Wenn das nächste Mal eine Kanzlermaschine nach Ankara kommt, wird Angela Merkel aussteigen. Dass sich da eine politische oder gar persönliche Freundschaft entwickelt, ist nicht zu erwarten. Erstens hält Erdogan als glaubensstrenger Muslim sowieso Distanz zu fremden Frauen, und zu Merkel wohl besonders. Denn die hat sich in der Türkei als Erfinderin der “privilegierten Partnerschaft” in Verruf gebracht – ein Konzept, das Erdogan öffentlich als “unsittlichen Antrag” abqualifizierte, “so als ob sich der Bräutigam an die Hochzeitstafel setzt und der Braut sagt: ,Lass uns doch einfach gute Freunde bleiben’”. Die “glücklichen Tage” in den türkisch-deutschen Beziehungen seien wohl “erst einmal vorüber”, kommentierte heute die Turkish Daily News. Ein “Alptraum” sei Merkel aber für die Türkei nun auch wieder nicht, meint das Blatt. Schließlich sei ihr Wahlsieg alles andere als grandios ausgefallen. Türkische Kommentatoren führen das nicht zuletzt auf Merkels “Anti-Türkei-Kampagne” zurück, die nach hinten losgegangen sei. Erdogan würdigte die Stimmenverluste der Union sogar als “erfreuliches Ergebnis” und gratulierte nicht etwa Merkel zum Wahlausgang – sondern seinem Freund Schröder. Die Aussicht auf eine große Koalition in Berlin sorgt jetzt in Ankara für neue Erleichterung. In einem Regierungsbündnis mit der SPD sei Merkel “neutralisiert”, meint der außenpolitische Kolumnist Sami Kohen.

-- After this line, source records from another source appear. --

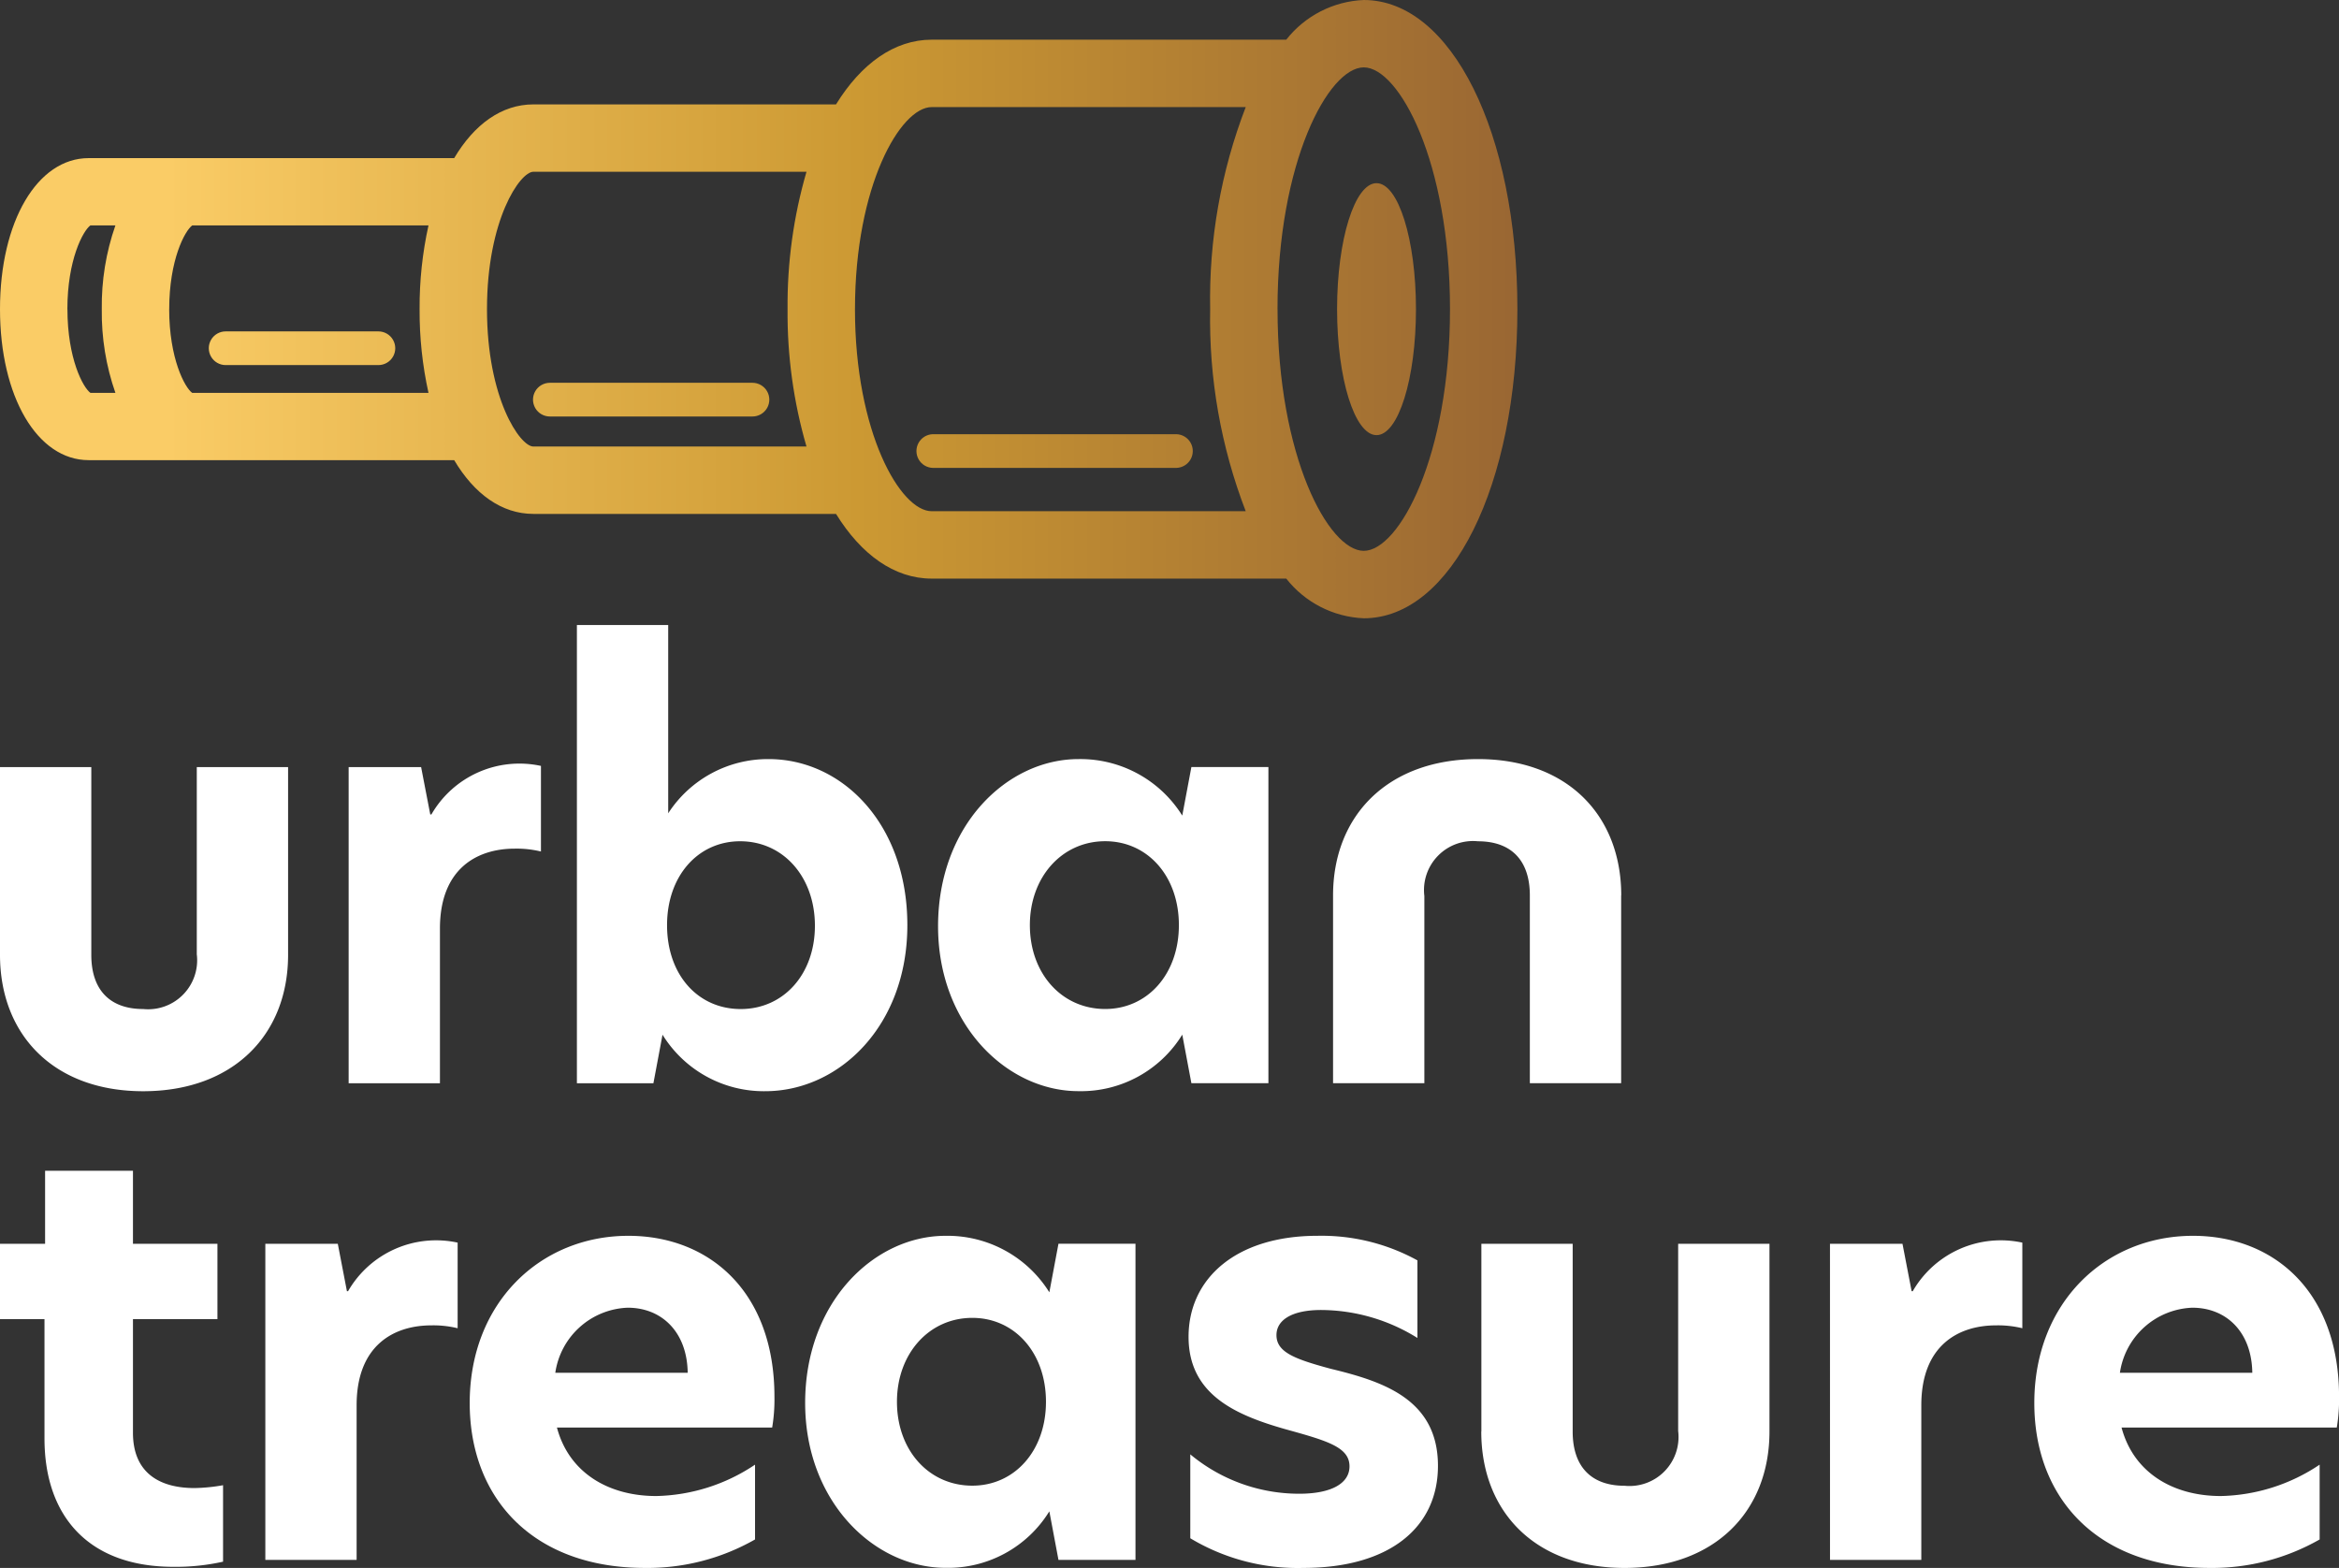 <svg xmlns="http://www.w3.org/2000/svg" xmlns:xlink="http://www.w3.org/1999/xlink" width="139.695" height="93.649" viewBox="0 0 139.695 93.649">
  <rect x="0" y="0" width="139.695" height="93.649" fill="#333333" stroke="none"/>
  <defs>
    <linearGradient id="linear-gradient" x1="0.114" y1="0.5" x2="1" y2="0.5" gradientUnits="objectBoundingBox">
      <stop offset="0" stop-color="#facc66"/>
      <stop offset="0.509" stop-color="#c93"/>
      <stop offset="1" stop-color="#963"/>
    </linearGradient>
    <clipPath id="clip-path">
      <path id="Path_3230" data-name="Path 3230" d="M55.709,25.933a1.007,1.007,0,0,0,0,2.013H70.263a1.007,1.007,0,0,0,0-2.013ZM32.84,22.863a1.006,1.006,0,0,0,0,2.013h12.1a1.006,1.006,0,0,0,0-2.013Zm-19.364-3.07a1.006,1.006,0,1,0,0,2.012H22.6a1.006,1.006,0,1,0,0-2.012Zm66.38-1.329c0,4.157,1.055,7.525,2.356,7.525s2.356-3.368,2.356-7.525-1.055-7.524-2.356-7.524-2.356,3.37-2.356,7.524m-75.832,0c0-2.942.934-4.68,1.373-5H6.892a14.56,14.56,0,0,0-.813,5,14.558,14.558,0,0,0,.813,5H5.4c-.44-.314-1.373-2.053-1.373-5m6.079,0c0-2.942.934-4.68,1.374-5H25.591a22.561,22.561,0,0,0-.531,5,22.563,22.563,0,0,0,.531,5H11.477c-.44-.314-1.373-2.053-1.373-5m18.981,0c0-5.329,1.968-8.205,2.772-8.205h16.31a28.474,28.474,0,0,0-1.13,8.205,28.481,28.481,0,0,0,1.13,8.206H31.857c-.8,0-2.772-2.876-2.772-8.206m21.978,0c0-7.367,2.713-12.068,4.582-12.068H74.4a31.86,31.86,0,0,0-2.124,12.068A31.863,31.863,0,0,0,74.4,30.533H55.644c-1.869,0-4.582-4.7-4.582-12.07m25.236,0c0-8.814,3.052-14.439,5.152-14.439S86.6,9.649,86.6,18.463,83.55,32.9,81.45,32.9,76.3,27.278,76.3,18.463M81.45,0a6.216,6.216,0,0,0-4.63,2.37H55.644c-2.234,0-4.215,1.438-5.713,3.865H31.857c-1.893,0-3.534,1.189-4.731,3.209H5.294C2.226,9.444,0,13.238,0,18.463s2.226,9.02,5.294,9.02H27.126c1.2,2.021,2.838,3.211,4.731,3.211H49.931c1.5,2.427,3.48,3.864,5.713,3.864H76.82a6.218,6.218,0,0,0,4.63,2.37c5.231,0,9.175-7.938,9.175-18.465S86.681,0,81.45,0Z" fill="url(#linear-gradient)"/>
    </clipPath>
  </defs>
  <g id="Urban_Treasure_Logo_White_Stacked" transform="translate(-84 -208.649)">
    <g id="Group_243" data-name="Group 243" transform="translate(84 245.978)">
      <path id="Path_3217" data-name="Path 3217" d="M0,73.2V61.987H5.453V73.2c0,2.113,1.125,3.237,3.1,3.237a2.928,2.928,0,0,0,3.2-3.271V61.987h5.453V73.2c0,4.771-3.272,8.146-8.657,8.146C3.2,81.346,0,77.971,0,73.2" transform="translate(0 -53.5)" fill="#fff"/>
      <path id="Path_3218" data-name="Path 3218" d="M124.921,69.487V80.7h-5.453V69.487c0-2.113-1.125-3.237-3.1-3.237a2.928,2.928,0,0,0-3.2,3.271V80.7h-5.453V69.487c0-4.771,3.272-8.146,8.657-8.146,5.351,0,8.555,3.375,8.555,8.146" transform="translate(-28.099 -53.332)" fill="#fff"/>
      <path id="Path_3219" data-name="Path 3219" d="M28.172,61.915H32.5l.546,2.829h.068a6.067,6.067,0,0,1,6.543-2.9v5.113a6.12,6.12,0,0,0-1.568-.171c-2.284,0-4.465,1.227-4.465,4.772V80.8H28.172Z" transform="translate(-7.349 -53.428)" fill="#fff"/>
      <path id="Path_3220" data-name="Path 3220" d="M52.069,61.752a7.093,7.093,0,0,1,6-3.238c4.4,0,8.283,3.886,8.283,9.918s-4.09,9.918-8.487,9.918a7.109,7.109,0,0,1-6.135-3.374l-.545,2.9H46.616V50.505h5.453ZM52,68.432c0,2.965,1.841,5.011,4.4,5.011s4.431-2.079,4.431-4.977-1.875-5.044-4.466-5.044C53.842,63.423,52,65.5,52,68.432" transform="translate(-12.161 -50.505)" fill="#fff"/>
      <path id="Path_3221" data-name="Path 3221" d="M75.8,71.327c0-6.032,4.124-9.986,8.385-9.986a7.175,7.175,0,0,1,6.2,3.374l.545-2.9h4.6V80.7h-4.6l-.545-2.9a7.1,7.1,0,0,1-6.2,3.374c-4.26,0-8.385-3.954-8.385-9.85m14.383-.068c0-2.931-1.875-5.01-4.4-5.01-2.591,0-4.5,2.147-4.5,5.01,0,2.9,1.909,5.011,4.5,5.011,2.521,0,4.4-2.079,4.4-5.011" transform="translate(-19.775 -53.332)" fill="#fff"/>
      <path id="Path_3222" data-name="Path 3222" d="M7.941,98.97h5.045v4.5H7.941v6.782c0,2.386,1.568,3.306,3.681,3.306a10.7,10.7,0,0,0,1.7-.17v4.567a12.972,12.972,0,0,1-2.965.307c-5.011,0-7.7-2.965-7.7-7.669v-7.123H0v-4.5H2.693V94.608H7.941Z" transform="translate(0 -62.01)" fill="#fff"/>
      <path id="Path_3223" data-name="Path 3223" d="M21.44,100.438h4.328l.545,2.829h.068a6.068,6.068,0,0,1,6.544-2.9v5.113a6.119,6.119,0,0,0-1.568-.171c-2.284,0-4.465,1.227-4.465,4.772v9.236H21.44Z" transform="translate(-5.593 -63.478)" fill="#fff"/>
      <path id="Path_3224" data-name="Path 3224" d="M56.011,111.316H43.162c.716,2.693,3.067,4.09,5.931,4.09a10.969,10.969,0,0,0,5.9-1.874V118a12.954,12.954,0,0,1-6.578,1.7c-6.645,0-10.463-4.124-10.463-9.85,0-6,4.226-9.986,9.475-9.986,4.806,0,8.725,3.306,8.725,9.612a10.152,10.152,0,0,1-.136,1.84m-5.045-3.272c-.034-2.454-1.568-3.886-3.579-3.886a4.542,4.542,0,0,0-4.328,3.886Z" transform="translate(-9.899 -63.382)" fill="#fff"/>
      <path id="Path_3225" data-name="Path 3225" d="M65.059,109.85c0-6.033,4.124-9.986,8.384-9.986a7.173,7.173,0,0,1,6.2,3.374l.545-2.9h4.6v18.882h-4.6l-.545-2.9a7.1,7.1,0,0,1-6.2,3.374c-4.26,0-8.384-3.954-8.384-9.85m14.383-.068c0-2.931-1.874-5.011-4.4-5.011-2.591,0-4.5,2.147-4.5,5.011,0,2.9,1.908,5.011,4.5,5.011,2.522,0,4.4-2.079,4.4-5.011" transform="translate(-16.972 -63.382)" fill="#fff"/>
      <path id="Path_3226" data-name="Path 3226" d="M109.711,101.33v4.635a10.948,10.948,0,0,0-5.76-1.67c-1.7,0-2.659.579-2.659,1.5,0,1.022,1.091,1.431,3.238,2.01,3.1.75,6.407,1.806,6.407,5.795,0,3.715-2.931,6.1-8.044,6.1a12.442,12.442,0,0,1-6.748-1.772v-5.011a10.161,10.161,0,0,0,6.509,2.352c1.909,0,3-.613,3-1.636,0-1.159-1.364-1.534-3.818-2.216-3-.852-5.794-2.078-5.794-5.521,0-3.476,2.829-6.033,7.7-6.033a11.881,11.881,0,0,1,5.965,1.466" transform="translate(-25.056 -63.382)" fill="#fff"/>
      <path id="Path_3227" data-name="Path 3227" d="M119.7,111.723V100.51h5.453v11.213c0,2.113,1.125,3.238,3.1,3.238a2.929,2.929,0,0,0,3.2-3.272V100.51h5.453v11.213c0,4.772-3.272,8.146-8.657,8.146-5.351,0-8.555-3.374-8.555-8.146" transform="translate(-31.226 -63.55)" fill="#fff"/>
      <path id="Path_3228" data-name="Path 3228" d="M147.869,100.438H152.2l.545,2.829h.068a6.068,6.068,0,0,1,6.544-2.9v5.113a6.123,6.123,0,0,0-1.568-.171c-2.284,0-4.465,1.227-4.465,4.772v9.236h-5.453Z" transform="translate(-38.575 -63.478)" fill="#fff"/>
      <path id="Path_3229" data-name="Path 3229" d="M182.44,111.316h-12.85c.716,2.693,3.067,4.09,5.931,4.09a10.969,10.969,0,0,0,5.9-1.874V118a12.954,12.954,0,0,1-6.578,1.7c-6.645,0-10.463-4.124-10.463-9.85,0-6,4.226-9.986,9.475-9.986,4.806,0,8.725,3.306,8.725,9.612a10.152,10.152,0,0,1-.136,1.84m-5.045-3.272c-.034-2.454-1.568-3.886-3.579-3.886a4.542,4.542,0,0,0-4.328,3.886Z" transform="translate(-42.882 -63.382)" fill="#fff"/>
    </g>
    <g id="Group_241" data-name="Group 241" transform="translate(84 208.649)" clip-path="url(#clip-path)">
      <rect id="Rectangle_147768" data-name="Rectangle 147768" width="90.626" height="36.928" transform="translate(0 0)" fill="url(#linear-gradient)"/>
    </g>
  </g>
</svg>

Aber sorgenfrei ist man in Ankara nicht. Zwar liegt der EU-Beitritt, den die designierte Kanzlerin verhindern möchte, sowieso noch in weiter Ferne. Erleben werden ihn wohl weder Merkel noch Erdogan als aktive Politiker – sofern er überhaupt kommt. Aber die jetzt beginnenden Beitrittsverhandlungen sind voller Hürden und Klippen für die Türkei. Und da wird Erdogan seinen Fürsprecher Schröder sicher manches Mal schmerzlich vermissen.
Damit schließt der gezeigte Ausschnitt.